(The input)

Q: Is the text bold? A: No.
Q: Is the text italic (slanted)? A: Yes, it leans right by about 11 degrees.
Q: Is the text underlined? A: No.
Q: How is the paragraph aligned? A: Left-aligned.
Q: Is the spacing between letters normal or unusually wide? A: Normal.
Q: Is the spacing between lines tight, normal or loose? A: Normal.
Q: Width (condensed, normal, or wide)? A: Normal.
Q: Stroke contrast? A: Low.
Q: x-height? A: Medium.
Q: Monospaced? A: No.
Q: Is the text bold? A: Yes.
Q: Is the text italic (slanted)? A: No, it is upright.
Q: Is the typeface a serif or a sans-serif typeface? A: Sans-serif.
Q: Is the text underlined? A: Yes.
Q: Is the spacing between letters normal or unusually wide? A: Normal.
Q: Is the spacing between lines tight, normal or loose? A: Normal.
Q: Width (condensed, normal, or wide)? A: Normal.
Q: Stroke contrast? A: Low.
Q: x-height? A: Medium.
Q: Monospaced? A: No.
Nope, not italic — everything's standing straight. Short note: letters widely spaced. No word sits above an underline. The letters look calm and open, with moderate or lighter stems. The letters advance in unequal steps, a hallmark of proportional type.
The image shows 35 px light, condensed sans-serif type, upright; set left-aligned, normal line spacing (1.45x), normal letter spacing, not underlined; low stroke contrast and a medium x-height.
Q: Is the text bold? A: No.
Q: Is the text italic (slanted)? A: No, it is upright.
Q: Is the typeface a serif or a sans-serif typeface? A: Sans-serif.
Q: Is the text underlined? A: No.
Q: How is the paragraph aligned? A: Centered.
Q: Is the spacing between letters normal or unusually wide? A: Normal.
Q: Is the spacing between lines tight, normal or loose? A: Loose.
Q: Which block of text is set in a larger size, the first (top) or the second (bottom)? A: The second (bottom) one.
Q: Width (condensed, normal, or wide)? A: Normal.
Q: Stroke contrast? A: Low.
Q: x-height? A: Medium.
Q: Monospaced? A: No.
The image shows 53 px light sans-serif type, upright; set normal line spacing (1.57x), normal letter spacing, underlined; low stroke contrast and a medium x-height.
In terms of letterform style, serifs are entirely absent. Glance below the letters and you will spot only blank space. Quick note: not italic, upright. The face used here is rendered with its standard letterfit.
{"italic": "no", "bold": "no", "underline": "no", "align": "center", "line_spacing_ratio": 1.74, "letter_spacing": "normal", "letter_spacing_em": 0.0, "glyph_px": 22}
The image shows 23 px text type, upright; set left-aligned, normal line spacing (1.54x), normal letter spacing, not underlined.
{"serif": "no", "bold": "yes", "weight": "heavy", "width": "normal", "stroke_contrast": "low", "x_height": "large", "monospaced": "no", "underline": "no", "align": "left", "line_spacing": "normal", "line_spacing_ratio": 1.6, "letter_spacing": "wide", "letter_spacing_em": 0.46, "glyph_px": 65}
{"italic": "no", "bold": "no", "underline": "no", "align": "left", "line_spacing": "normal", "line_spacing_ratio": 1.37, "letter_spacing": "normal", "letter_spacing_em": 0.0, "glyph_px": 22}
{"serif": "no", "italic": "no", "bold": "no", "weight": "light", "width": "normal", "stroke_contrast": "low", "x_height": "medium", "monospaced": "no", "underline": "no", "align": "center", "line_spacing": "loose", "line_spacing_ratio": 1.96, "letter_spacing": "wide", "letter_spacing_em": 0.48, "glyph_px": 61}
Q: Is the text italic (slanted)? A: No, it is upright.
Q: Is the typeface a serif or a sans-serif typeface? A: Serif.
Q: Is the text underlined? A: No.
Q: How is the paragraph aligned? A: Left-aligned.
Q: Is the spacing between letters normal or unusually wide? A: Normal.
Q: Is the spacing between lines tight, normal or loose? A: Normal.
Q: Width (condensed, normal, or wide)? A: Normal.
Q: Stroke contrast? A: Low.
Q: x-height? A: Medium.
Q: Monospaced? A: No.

(End The input)

Problem to solve: The records above must be restated. Preserve every word.

Answer box:
Q: Is the text bold? A: No.
Q: Is the text italic (slanted)? A: Yes, it leans right by about 11 degrees.
Q: Is the text underlined? A: No.
Q: How is the paragraph aligned? A: Left-aligned.
Q: Is the spacing between letters normal or unusually wide? A: Normal.
Q: Is the spacing between lines tight, normal or loose? A: Normal.
Q: Width (condensed, normal, or wide)? A: Normal.
Q: Stroke contrast? A: Low.
Q: x-height? A: Medium.
Q: Monospaced? A: No.
Q: Is the text bold? A: Yes.
Q: Is the text italic (slanted)? A: No, it is upright.
Q: Is the typeface a serif or a sans-serif typeface? A: Sans-serif.
Q: Is the text underlined? A: Yes.
Q: Is the spacing between letters normal or unusually wide? A: Normal.
Q: Is the spacing between lines tight, normal or loose? A: Normal.
Q: Width (condensed, normal, or wide)? A: Normal.
Q: Stroke contrast? A: Low.
Q: x-height? A: Medium.
Q: Monospaced? A: No.
Nope, not italic — everything's standing straight. Short note: letters widely spaced. No word sits above an underline. The letters look calm and open, with moderate or lighter stems. The letters advance in unequal steps, a hallmark of proportional type.
The image shows 35 px light, condensed sans-serif type, upright; set left-aligned, normal line spacing (1.45x), normal letter spacing, not underlined; low stroke contrast and a medium x-height.
Q: Is the text bold? A: No.
Q: Is the text italic (slanted)? A: No, it is upright.
Q: Is the typeface a serif or a sans-serif typeface? A: Sans-serif.
Q: Is the text underlined? A: No.
Q: How is the paragraph aligned? A: Centered.
Q: Is the spacing between letters normal or unusually wide? A: Normal.
Q: Is the spacing between lines tight, normal or loose? A: Loose.
Q: Which block of text is set in a larger size, the first (top) or the second (bottom)? A: The second (bottom) one.
Q: Width (condensed, normal, or wide)? A: Normal.
Q: Stroke contrast? A: Low.
Q: x-height? A: Medium.
Q: Monospaced? A: No.
The image shows 53 px light sans-serif type, upright; set normal line spacing (1.57x), normal letter spacing, underlined; low stroke contrast and a medium x-height.
In terms of letterform style, serifs are entirely absent. Glance below the letters and you will spot only blank space. Quick note: not italic, upright. The face used here is rendered with its standard letterfit.
{"italic": "no", "bold": "no", "underline": "no", "align": "center", "line_spacing_ratio": 1.74, "letter_spacing": "normal", "letter_spacing_em": 0.0, "glyph_px": 22}
The image shows 23 px text type, upright; set left-aligned, normal line spacing (1.54x), normal letter spacing, not underlined.
{"serif": "no", "bold": "yes", "weight": "heavy", "width": "normal", "stroke_contrast": "low", "x_height": "large", "monospaced": "no", "underline": "no", "align": "left", "line_spacing": "normal", "line_spacing_ratio": 1.6, "letter_spacing": "wide", "letter_spacing_em": 0.46, "glyph_px": 65}
{"italic": "no", "bold": "no", "underline": "no", "align": "left", "line_spacing": "normal", "line_spacing_ratio": 1.37, "letter_spacing": "normal", "letter_spacing_em": 0.0, "glyph_px": 22}
{"serif": "no", "italic": "no", "bold": "no", "weight": "light", "width": "normal", "stroke_contrast": "low", "x_height": "medium", "monospaced": "no", "underline": "no", "align": "center", "line_spacing": "loose", "line_spacing_ratio": 1.96, "letter_spacing": "wide", "letter_spacing_em": 0.48, "glyph_px": 61}
Q: Is the text italic (slanted)? A: No, it is upright.
Q: Is the typeface a serif or a sans-serif typeface? A: Serif.
Q: Is the text underlined? A: No.
Q: How is the paragraph aligned? A: Left-aligned.
Q: Is the spacing between letters normal or unusually wide? A: Normal.
Q: Is the spacing between lines tight, normal or loose? A: Normal.
Q: Width (condensed, normal, or wide)? A: Normal.
Q: Stroke contrast? A: Low.
Q: x-height? A: Medium.
Q: Monospaced? A: No.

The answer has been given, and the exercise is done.